4.  Canonical Encoding Model

   There was some confusion, in earlier versions of these documents,
   regarding the model for when email data was to be converted to
   canonical form and encoded, and in particular how this process would
   affect the treatment of CRLFs, given that the representation of
   newlines varies greatly from system to system.  For this reason, a
   canonical model for encoding is presented below.

   The process of composing a MIME entity can be modeled as being done
   in a number of steps.  Note that these steps are roughly similar to
   those steps used in PEM [RFC-1421] and are performed for each
   "innermost level" body:

    (1)   Creation of local form.

          The body to be transmitted is created in the system's
          native format.  The native character set is used and,
          where appropriate, local end of line conventions are
          used as well.  The body may be a UNIX-style text file,
          or a Sun raster image, or a VMS indexed file, or audio
          data in a system-dependent format stored only in
          memory, or anything else that corresponds to the local
          model for the representation of some form of
          information.  Fundamentally, the data is created in the
          "native" form that corresponds to the type specified by
          the media type.

    (2)   Conversion to canonical form.

          The entire body, including "out-of-band" information
          such as record lengths and possibly file attribute
          information, is converted to a universal canonical
          form.  The specific media type of the body as well as
          its associated attributes dictate the nature of the
          canonical form that is used.  Conversion to the proper
          canonical form may involve character set conversion,
          transformation of audio data, compression, or various
          other operations specific to the various media types.
          If character set conversion is involved, however, care
          must be taken to understand the semantics of the media
          type, which may have strong implications for any
          character set conversion, e.g. with regard to
          syntactically meaningful characters in a text subtype
          other than "plain".

          For example, in the case of text/plain data, the text
          must be converted to a supported character set and
          lines must be delimited with CRLF delimiters in
          accordance with RFC 822.  Note that the restriction on
          line lengths implied by RFC 822 is eliminated if the
          next step employs either quoted-printable or base64
          encoding.

    (3)   Apply transfer encoding.

          A Content-Transfer-Encoding appropriate for this body
          is applied.  Note that there is no fixed relationship
          between the media type and the transfer encoding.  In
          particular, it may be appropriate to base the choice of
          base64 or quoted-printable on character frequency
          counts which are specific to a given instance of a
          body.

    (4)   Insertion into entity.

          The encoded body is inserted into a MIME entity with
          appropriate headers. The entity is then inserted into
          the body of a higher-level entity (message or
          multipart) as needed.

   Conversion from entity form to local form is accomplished by
   reversing these steps. Note that reversal of these steps may produce
   differing results since there is no guarantee that the original and
   final local forms are the same.

   It is vital to note that these steps are only a model; they are
   specifically NOT a blueprint for how an actual system would be built.
   In particular, the model fails to account for two common designs:

    (1)   In many cases the conversion to a canonical form prior
          to encoding will be subsumed into the encoder itself,
          which understands local formats directly.  For example,
          the local newline convention for text bodies might be
          carried through to the encoder itself along with
          knowledge of what that format is.

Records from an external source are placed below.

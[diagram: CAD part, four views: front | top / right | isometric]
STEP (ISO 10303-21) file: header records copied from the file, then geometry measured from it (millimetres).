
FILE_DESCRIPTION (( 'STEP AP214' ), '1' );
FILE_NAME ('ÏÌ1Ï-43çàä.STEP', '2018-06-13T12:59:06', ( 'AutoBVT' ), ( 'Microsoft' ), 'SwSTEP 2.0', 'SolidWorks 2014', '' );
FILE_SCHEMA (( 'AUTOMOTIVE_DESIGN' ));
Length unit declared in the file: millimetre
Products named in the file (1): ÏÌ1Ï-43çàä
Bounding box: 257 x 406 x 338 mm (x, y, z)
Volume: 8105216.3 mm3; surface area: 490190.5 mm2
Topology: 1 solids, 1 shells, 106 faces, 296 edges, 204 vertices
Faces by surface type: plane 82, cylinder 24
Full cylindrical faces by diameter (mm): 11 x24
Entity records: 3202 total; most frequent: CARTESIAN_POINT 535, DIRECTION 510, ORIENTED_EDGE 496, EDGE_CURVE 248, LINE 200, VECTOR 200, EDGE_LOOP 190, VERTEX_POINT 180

    (2)   The output of the encoders may have to pass through one
          or more additional steps prior to being transmitted as
          a message.  As such, the output of the encoder may not
          be conformant with the formats specified by RFC 822.
          In particular, once again it may be appropriate for the
          converter's output to be expressed using local newline
          conventions rather than using the standard RFC 822 CRLF
          delimiters.

   Other implementation variations are conceivable as well.  The vital
   aspect of this discussion is that, in spite of any optimizations,
   collapsings of required steps, or insertion of additional processing,
   the resulting messages must be consistent with those produced by the
   model described here.  For example, a message with the following
   header fields:

     Content-type: text/foo; charset=bar
     Content-Transfer-Encoding: base64

   must be first represented in the text/foo form, then (if necessary)
   represented in the "bar" character set, and finally transformed via
   the base64 algorithm into a mail-safe form.

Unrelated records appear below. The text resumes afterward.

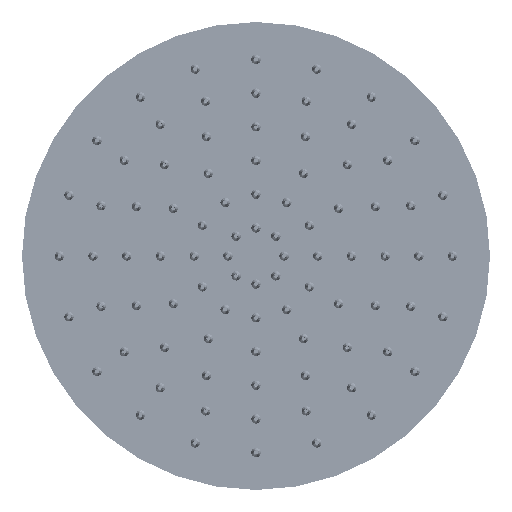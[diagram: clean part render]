
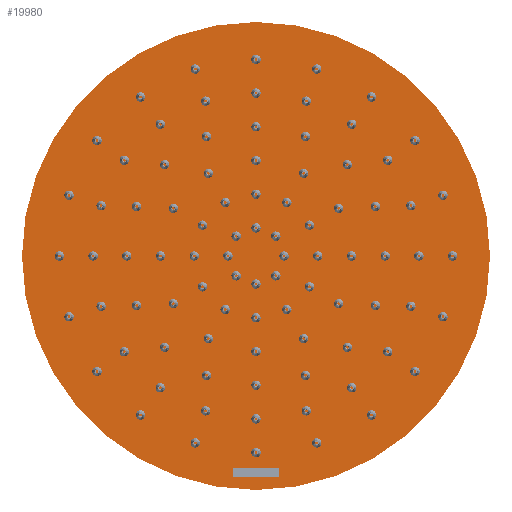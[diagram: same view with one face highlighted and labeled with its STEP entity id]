
A CAD part, front view. The second image highlights one B-rep face of the part: STEP entity #19980.
In plain terms, the highlighted planar face has unit normal (0, -1, 0).
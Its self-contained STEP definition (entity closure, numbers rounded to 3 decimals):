
#1133 = VERTEX_POINT ( 'NONE', #36810 ) ;
#1143 = CARTESIAN_POINT ( 'NONE',  ( 12.5, 0., -113.212 ) ) ;
#4905 = LINE ( 'NONE', #6106, #69742 ) ;
#6106 = CARTESIAN_POINT ( 'NONE',  ( -12.5, 0., 0. ) ) ;
#12230 = VECTOR ( 'NONE', #57425, 1000. ) ;
#13945 = FACE_OUTER_BOUND ( 'NONE', #91311, .T. ) ;
#15156 = FACE_BOUND ( 'NONE', #88939, .T. ) ;
#17937 = CARTESIAN_POINT ( 'NONE',  ( 0., 0., 0. ) ) ;
#19980 = ADVANCED_FACE ( 'NONE', ( #13945, #15156 ), #34106, .F. ) ;
#22026 = EDGE_CURVE ( 'NONE', #47889, #105504, #114324, .T. ) ;
#24746 = EDGE_CURVE ( 'NONE', #105504, #60652, #58220, .T. ) ;
#30429 = CARTESIAN_POINT ( 'NONE',  ( 12.5, 0., 0. ) ) ;
#34106 = PLANE ( 'NONE',  #40189 ) ;
#34661 = DIRECTION ( 'NONE',  ( 0., -1., 0. ) ) ;
#35222 = CARTESIAN_POINT ( 'NONE',  ( 0., 0., 125. ) ) ;
#35575 = ORIENTED_EDGE ( 'NONE', *, *, #22026, .F. ) ;
#36810 = CARTESIAN_POINT ( 'NONE',  ( 0., 0., -125. ) ) ;
#38679 = CARTESIAN_POINT ( 'NONE',  ( 0., 0., -113.212 ) ) ;
#40189 = AXIS2_PLACEMENT_3D ( 'NONE', #71473, #51289, #88586 ) ;
#44759 = CIRCLE ( 'NONE', #113170, 125. ) ;
#47668 = LINE ( 'NONE', #83794, #12230 ) ;
#47889 = VERTEX_POINT ( 'NONE', #95471 ) ;
#51289 = DIRECTION ( 'NONE',  ( 0., 1., 0. ) ) ;
#57425 = DIRECTION ( 'NONE',  ( 1., 0., 0. ) ) ;
#58220 = LINE ( 'NONE', #38679, #59420 ) ;
#59420 = VECTOR ( 'NONE', #104727, 1000. ) ;
#60652 = VERTEX_POINT ( 'NONE', #72829 ) ;
#69602 = CARTESIAN_POINT ( 'NONE',  ( 0., 0., 0. ) ) ;
#69742 = VECTOR ( 'NONE', #99119, 1000. ) ;
#71473 = CARTESIAN_POINT ( 'NONE',  ( 0., 0., 0. ) ) ;
#72829 = CARTESIAN_POINT ( 'NONE',  ( -12.5, 0., -113.212 ) ) ;
#75901 = VERTEX_POINT ( 'NONE', #35222 ) ;
#77089 = ORIENTED_EDGE ( 'NONE', *, *, #103427, .F. ) ;
#79763 = EDGE_CURVE ( 'NONE', #75901, #1133, #103796, .T. ) ;
#81289 = EDGE_CURVE ( 'NONE', #81296, #47889, #47668, .T. ) ;
#81296 = VERTEX_POINT ( 'NONE', #94753 ) ;
#82327 = AXIS2_PLACEMENT_3D ( 'NONE', #17937, #91407, #92611 ) ;
#83794 = CARTESIAN_POINT ( 'NONE',  ( 0., 0., -118. ) ) ;
#88586 = DIRECTION ( 'NONE',  ( 0., 0., 1. ) ) ;
#88939 = EDGE_LOOP ( 'NONE', ( #77089, #109469, #35575, #95783 ) ) ;
#91311 = EDGE_LOOP ( 'NONE', ( #109264, #92797 ) ) ;
#91407 = DIRECTION ( 'NONE',  ( 0., -1., 0. ) ) ;
#92611 = DIRECTION ( 'NONE',  ( 0., 0., -1. ) ) ;
#92797 = ORIENTED_EDGE ( 'NONE', *, *, #79763, .T. ) ;
#93532 = DIRECTION ( 'NONE',  ( 0., 0., 1. ) ) ;
#94753 = CARTESIAN_POINT ( 'NONE',  ( -12.5, 0., -118. ) ) ;
#95471 = CARTESIAN_POINT ( 'NONE',  ( 12.5, 0., -118. ) ) ;
#95783 = ORIENTED_EDGE ( 'NONE', *, *, #81289, .F. ) ;
#99119 = DIRECTION ( 'NONE',  ( 0., 0., -1. ) ) ;
#103427 = EDGE_CURVE ( 'NONE', #60652, #81296, #4905, .T. ) ;
#103796 = CIRCLE ( 'NONE', #82327, 125. ) ;
#104727 = DIRECTION ( 'NONE',  ( -1., 0., 0. ) ) ;
#105504 = VERTEX_POINT ( 'NONE', #1143 ) ;
#109264 = ORIENTED_EDGE ( 'NONE', *, *, #117605, .T. ) ;
#109333 = DIRECTION ( 'NONE',  ( 0., 0., -1. ) ) ;
#109469 = ORIENTED_EDGE ( 'NONE', *, *, #24746, .F. ) ;
#113170 = AXIS2_PLACEMENT_3D ( 'NONE', #69602, #34661, #109333 ) ;
#114324 = LINE ( 'NONE', #30429, #114728 ) ;
#114728 = VECTOR ( 'NONE', #93532, 1000. ) ;
#117605 = EDGE_CURVE ( 'NONE', #1133, #75901, #44759, .T. ) ;

   NOTE: Some confusion has been caused by systems that represent
   messages in a format which uses local newline conventions which
   differ from the RFC822 CRLF convention.  It is important to note that
   these formats are not canonical RFC822/MIME.  These formats are
   instead *encodings* of RFC822, where CRLF sequences in the canonical
   representation of the message are encoded as the local newline
   convention.  Note that formats which encode CRLF sequences as, for
   example, LF are not capable of representing MIME messages containing
   binary data which contains LF octets not part of CRLF line separation
   sequences.

5.  Summary

   This document defines what is meant by MIME Conformance. It also
   details various problems known to exist in the Internet email system
   and how to use MIME to overcome them. Finally, it describes MIME's
   canonical encoding model.

6.  Security Considerations

   Security issues are discussed in the second document in this set, RFC
   2046.